A Juilliard Vocal Arts student, Devon Guthrie, recalled that "Eve was one of the reasons why I chose to study at Juilliard ... To this day I use the techniques and wisdom she taught."

Many faculty colleagues appreciated Shapiro's talents. Hugh Cruttwell, John Fernald's successor as principal of RADA during Shapiro's time there, said of her: "She has a remarkable gift of getting the best out of each actor. Group after group has found her a uniquely valuable teacher and director." Stephen Wadsworth, Director of the Artist Diploma in Opera Studies program at Juilliard, celebrated Shapiro's "impeccable taste, deep knowledge of the dramatic repertoire ... her wit, her love of talent, and her utterly original and masterly pedagogy — incredibly gentle yet firm ..."

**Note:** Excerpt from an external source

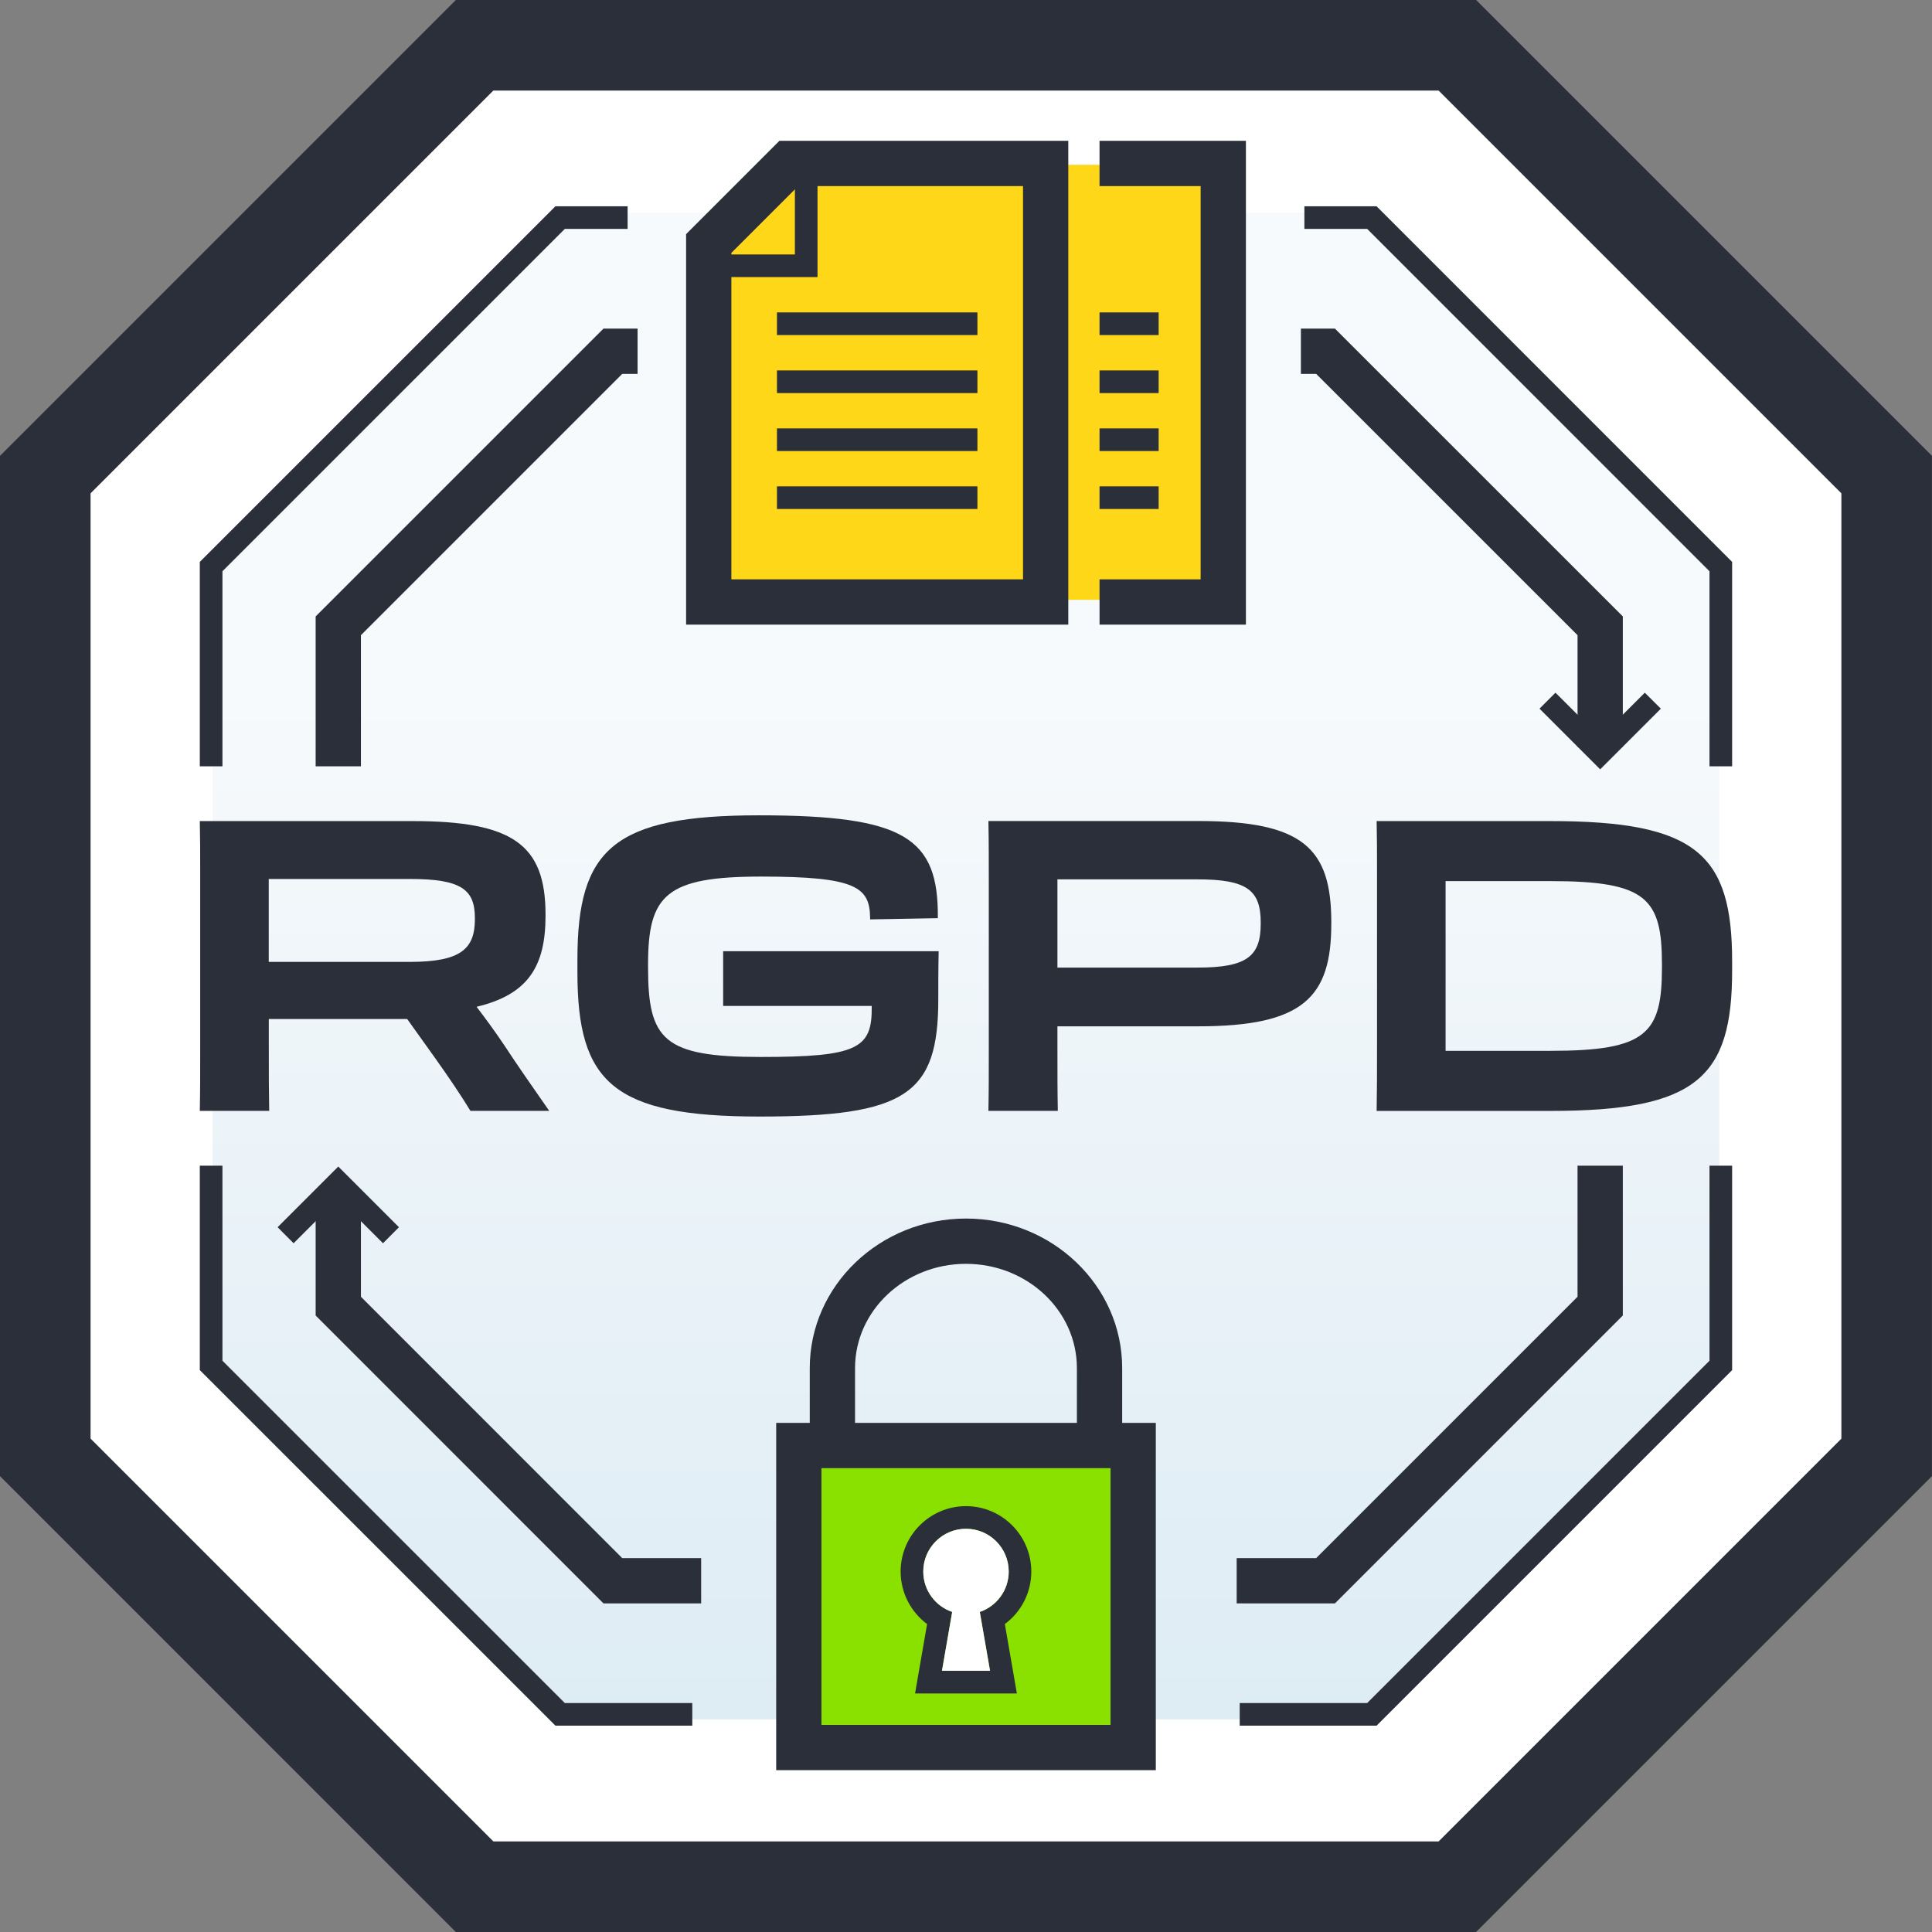 <?xml version="1.0" encoding="UTF-8"?><svg id="Warstwa_2" xmlns="http://www.w3.org/2000/svg" xmlns:xlink="http://www.w3.org/1999/xlink" viewBox="0 0 298.69 298.69"><rect x="0" y="0" width="298.69" height="298.69" fill="#808080" stroke="none"/><defs><style>.cls-1{fill:#fff;}.cls-2{fill:url(#Gradient_bez_nazwy_258);}.cls-3{fill:#8ae100;}.cls-4{fill:#ffd719;}.cls-5{fill:#2a2f3a;}</style><linearGradient id="Gradient_bez_nazwy_258" x1="149.34" y1="106.18" x2="149.34" y2="498" gradientUnits="userSpaceOnUse"><stop offset="0" stop-color="#f7fafc"/><stop offset=".25" stop-color="#e7f1f7"/><stop offset="1" stop-color="#bbd9ea"/></linearGradient></defs><g id="Warstwa_1-2"><g><path class="cls-1" d="m222.92,288.67H75.77L10.02,222.92V75.77L75.76,10.02h147.16l65.74,65.74v147.16l-65.74,65.74Z"/><path class="cls-2" d="m210.85,265.82h-123.02l-54.96-54.96v-123.02l54.96-54.96h123.02l54.96,54.96v123.02l-54.96,54.96Z"/><rect class="cls-3" x="123.59" y="223.51" width="50.97" height="46.96"/><polygon class="cls-4" points="188.85 25.47 122.89 25.47 109.57 39.34 109.57 92.74 188.85 92.74 188.85 25.47"/><path class="cls-5" d="m228.21,298.69H70.47L0,228.21V70.47L70.47,0h157.74l70.47,70.47v157.74l-70.47,70.47Zm-151.94-14h146.14l62.27-62.27V76.27l-62.27-62.27H76.27L14,76.27v146.14l62.27,62.27Z"/><polygon class="cls-5" points="107.03 266.79 85.87 266.79 30.89 211.82 30.89 180.22 34.39 180.22 34.39 210.37 87.32 263.29 107.03 263.29 107.03 266.79"/><polygon class="cls-5" points="34.39 118.47 30.89 118.47 30.89 86.87 85.87 31.89 97.03 31.89 97.03 35.39 87.32 35.39 34.39 88.32 34.39 118.47"/><polygon class="cls-5" points="267.79 118.47 264.29 118.47 264.29 88.32 211.37 35.39 201.66 35.39 201.66 31.89 212.82 31.89 267.79 86.87 267.79 118.47"/><polygon class="cls-5" points="212.82 266.79 191.66 266.79 191.66 263.29 211.37 263.29 264.29 210.37 264.29 180.22 267.79 180.22 267.79 211.82 212.82 266.79"/><path class="cls-5" d="m165.16,96.57h-59.09v-60.37l14.43-14.43h44.66v74.8Zm-52.09-7h45.09V28.77h-34.76l-10.33,10.33v50.46Z"/><path class="cls-5" d="m126.39,42.84h-16.83c-.97,0-1.75-.78-1.75-1.75s.78-1.75,1.75-1.75h13.33v-15.07c0-.97.78-1.75,1.75-1.75s1.75.78,1.75,1.75v18.57Z"/><rect class="cls-5" x="120.12" y="48.3" width="30.99" height="3.5"/><rect class="cls-5" x="120.12" y="57.27" width="30.99" height="3.5"/><rect class="cls-5" x="120.12" y="66.23" width="30.99" height="3.5"/><rect class="cls-5" x="120.12" y="75.19" width="30.99" height="3.5"/><polygon class="cls-5" points="192.62 96.57 169.99 96.57 169.99 89.57 185.62 89.57 185.62 28.77 169.99 28.77 169.99 21.77 192.62 21.77 192.62 96.57"/><rect class="cls-5" x="169.99" y="48.3" width="9.14" height="3.5"/><rect class="cls-5" x="169.99" y="57.27" width="9.14" height="3.5"/><rect class="cls-5" x="169.99" y="66.23" width="9.14" height="3.5"/><rect class="cls-5" x="169.99" y="75.19" width="9.14" height="3.5"/><path class="cls-5" d="m178.69,273.67h-58.69v-53.69h58.69v53.69Zm-51.69-7h44.69v-39.69h-44.69v39.69Z"/><path class="cls-5" d="m149.34,236.35c3.65,0,6.61,2.96,6.61,6.61,0,2.9-1.87,5.36-4.47,6.25l1.58,9.1h-7.43l1.58-9.1c-2.6-.89-4.47-3.35-4.47-6.25,0-3.65,2.96-6.61,6.61-6.61m0-3.5c-5.57,0-10.11,4.53-10.11,10.11,0,3.26,1.57,6.25,4.09,8.12l-1.15,6.63-.71,4.1h15.74l-.71-4.1-1.15-6.63c2.53-1.87,4.09-4.86,4.09-8.12,0-5.57-4.53-10.11-10.11-10.11h0Z"/><path class="cls-5" d="m173.49,225.63h-7v-14.12c0-8.89-7.69-16.12-17.15-16.12s-17.15,7.23-17.15,16.12v14.12h-7v-14.12c0-12.75,10.83-23.12,24.15-23.12s24.15,10.37,24.15,23.12v14.12Z"/><path class="cls-1" d="m149.34,236.35c3.65,0,6.61,2.96,6.61,6.61,0,2.9-1.87,5.36-4.47,6.25l1.58,9.1h-7.43l1.58-9.1c-2.6-.89-4.47-3.35-4.47-6.25,0-3.65,2.96-6.61,6.61-6.61"/><polygon class="cls-5" points="55.8 118.47 48.8 118.47 48.8 95.3 93.3 50.8 98.57 50.8 98.57 57.8 96.2 57.8 55.8 98.2 55.8 118.47"/><polygon class="cls-5" points="250.89 115.47 243.89 115.47 243.89 98.2 203.48 57.8 201.12 57.8 201.12 50.8 206.38 50.8 250.89 95.3 250.89 115.47"/><polygon class="cls-5" points="108.4 247.89 93.3 247.89 48.8 203.38 48.8 185.22 55.8 185.22 55.8 200.48 96.2 240.89 108.4 240.89 108.4 247.89"/><polygon class="cls-5" points="206.38 247.89 191.19 247.89 191.19 240.89 203.48 240.89 243.89 200.48 243.89 180.22 250.89 180.22 250.89 203.38 206.38 247.89"/><polygon class="cls-5" points="59.21 192.21 52.3 185.3 45.39 192.21 42.92 189.73 52.3 180.35 61.68 189.73 59.21 192.21"/><polygon class="cls-5" points="247.39 118.94 238.01 109.56 240.48 107.09 247.39 113.99 254.29 107.09 256.77 109.56 247.39 118.94"/><g><path class="cls-5" d="m30.95,134.83c0-3.16,0-5.3-.06-7.89h32.88c15.46,0,20.57,3.6,20.57,14.45v.19c0,7.83-2.71,12.18-10.66,14.07,1.39,1.83,2.84,3.79,4.23,5.87,2.15,3.28,4.54,6.69,7,10.22h-12.18c-1.58-2.59-3.47-5.36-5.49-8.2l-4.29-6h-21.39v4.04c0,4.92,0,7.07.06,10.16h-10.73c.06-2.9.06-5.55.06-10.16v-26.76Zm10.6,1.07v12.81h21.84c7.95,0,10.03-2.08,10.03-6.63v-.13c0-4.42-2.08-6.06-10.03-6.06h-21.84Z"/><path class="cls-5" d="m89.27,150.35v-2.02c0-17.04,5.55-22.28,28.08-22.28s27.77,3.47,27.64,15.9l-10.47.19v-.25c-.06-4.73-2.15-6.37-16.85-6.37s-17.48,2.84-17.48,13.57v.5c0,11.17,2.4,13.82,17.42,13.82s17.23-1.32,17.16-7.76v-.13h-22.97v-8.46h33.32c-.06,2.21-.06,5.55-.06,7.45,0,14.7-4.99,18.11-27.64,18.11s-28.15-5.3-28.15-22.28Z"/><path class="cls-5" d="m163.54,171.74h-10.73c.06-2.9.06-5.68.06-10.1v-24.11c0-4.61,0-7.7-.06-10.6h32.44c16.22,0,20.57,4.23,20.57,15.65v.25c0,11.36-4.35,15.84-20.57,15.84h-21.77v3.16c0,4.29,0,6.94.06,9.91Zm-.06-35.78v13.63h21.65c7.7,0,9.78-1.77,9.78-6.82v-.13c0-4.99-2.08-6.69-9.78-6.69h-21.65Z"/><path class="cls-5" d="m212.89,134.95c0-3.22,0-5.36-.06-8.01h26.88c22.59,0,28.08,5.17,28.08,21.71v1.39c0,16.53-5.49,21.71-28.08,21.71h-26.88c.06-3.16.06-5.74.06-9.91v-26.88Zm10.6,1.26v26.25h16.22c14.83,0,17.23-2.65,17.23-12.87v-.5c0-10.22-2.4-12.87-17.23-12.87h-16.22Z"/></g></g></g></svg>

During a brief retirement before the end of her life, Shapiro was filmed in her apartment by her former acting student turned film director Eve Annenberg who was making a documentary about three women friends of much the same age, Elizabeth Smith, Margot Harley and Shapiro, all of whom had worked together at Juilliard. Shapiro's health was failing. "The moment I had cameras in place, it seemed, Eve became aphasic," wrote Annenberg in 2023. "Which was especially tragic as she had wanted so much to go on record about her beloved, late partner, Lois."

Shapiro died in New York on 1 December 2022 at the age of 92.